给定一个字符串 s 和一些长度相同的单词 words。找出 s 中恰好可以由 words 中所有单词串联形成的子串的起始位置。

注意子串要与 words 中的单词完全匹配,中间不能有其他字符,但不需要考虑 words 中单词串联的顺序。

示例1:

输入:
  s = "barfoothefoobarman",
  words = ["foo","bar"]
输出:[0,9]
解释:
从索引 0 和 9 开始的子串分别是 "barfoo" 和 "foobar" 。
输出的顺序不重要, [9,0] 也是有效答案。

示例2:

输入:
  s = "wordgoodgoodgoodbestword",
  words = ["word","good","best","word"]
输出:[]

解题过程

主要思路是,先把words的字符串统计出来,然后通过遍历s,通过wordsLen区间来查找匹配的字符串。
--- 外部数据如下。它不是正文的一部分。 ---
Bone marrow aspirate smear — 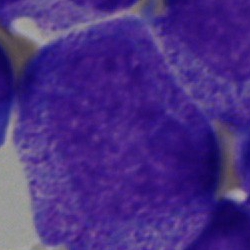 The cell shown is a progranulocyte.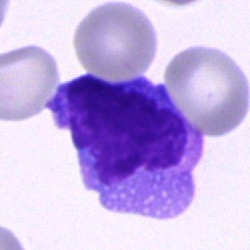Q: What is shown here?
A: Blast cell.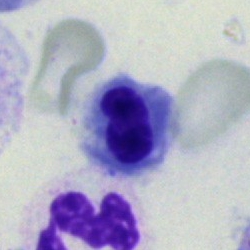

A nucleated red blood cell on a bone marrow smear.
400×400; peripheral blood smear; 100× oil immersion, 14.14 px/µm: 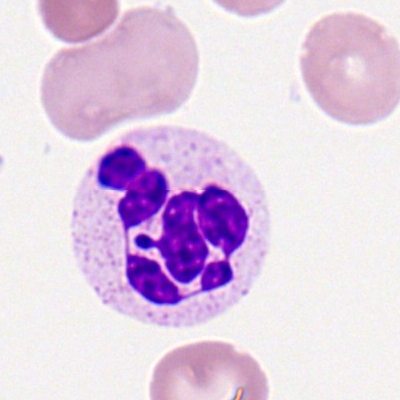
Q: Identify the cell.
A: This is a polymorphonuclear neutrophil.
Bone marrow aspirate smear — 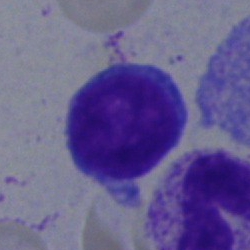
Impression → lymphocyte.
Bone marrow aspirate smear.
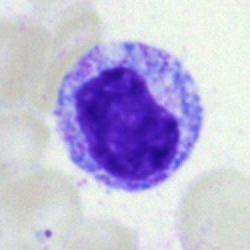
Specimen: bone marrow aspirate smear.
Morphological class: myelocyte.
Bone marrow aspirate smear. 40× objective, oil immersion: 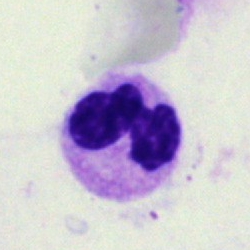 This is a polymorphonuclear neutrophil.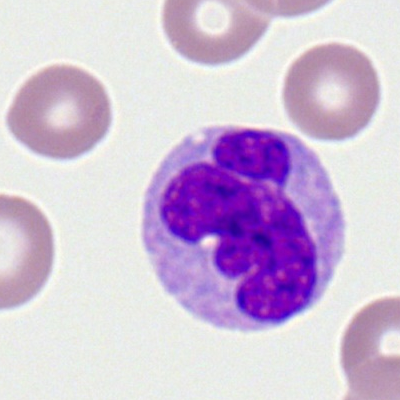
Peripheral blood smear showing a monocyte.
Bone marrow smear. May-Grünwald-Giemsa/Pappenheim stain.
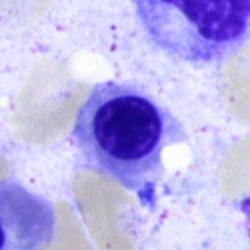

Morphology — erythroblast.
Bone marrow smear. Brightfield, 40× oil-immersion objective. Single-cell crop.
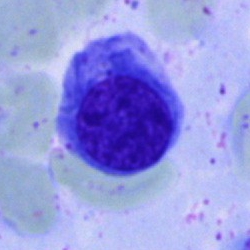
Q: What type of cell is this?
A: A nucleated red cell.
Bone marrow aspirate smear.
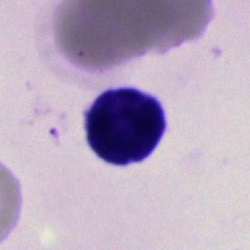
Morphological class — lymphocyte.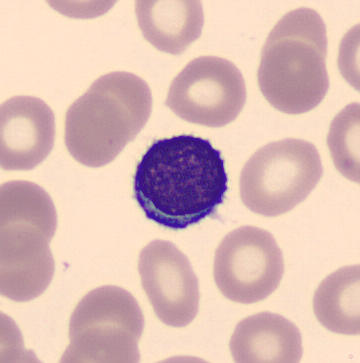
Cropped to a single cell · peripheral blood film.
Showing a lymphocyte.
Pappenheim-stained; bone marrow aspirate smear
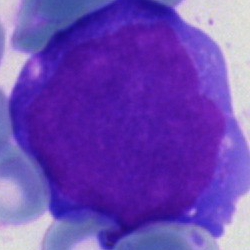Morphological class = blast.

func findSubstring(s string, words []string) []int {
	wordsLen := len(words)
	sLen := len(s)
	ret := make([]int, 0)
	if wordsLen == 0 {
		return ret
	}

	wordsMap := make(map[string]int)
	for i := 0; i < wordsLen; i++ {
		wordsMap[words[i]]++
	}

	wordLen := len(words[0])
	for i := 0; i < wordLen; i++ {
		winMap := make(map[string]int)

		cnt := 0
		left, right := i, i
		for left <= right && right <= sLen-wordLen {

			var subStr string
			if right+wordLen == sLen {
				subStr = s[right:]
			} else {
				subStr = s[right : right+wordLen]
			}

			if _, ok := wordsMap[subStr]; !ok {
				left, right = right+wordLen, right+wordLen
				cnt = 0
				winMap = make(map[string]int)
				continue
			}

			if _, ok := winMap[subStr]; !ok {
				winMap[subStr] = 1
			} else {
				winMap[subStr]++
			}
			right += wordLen
			cnt++

			for winMap[subStr] > wordsMap[subStr] {
				winMap[s[left:left+wordLen]]--
				cnt--
				left += wordLen
			}

			if cnt == wordsLen {
				ret = append(ret, left)
			}
		}
	}

	return ret
}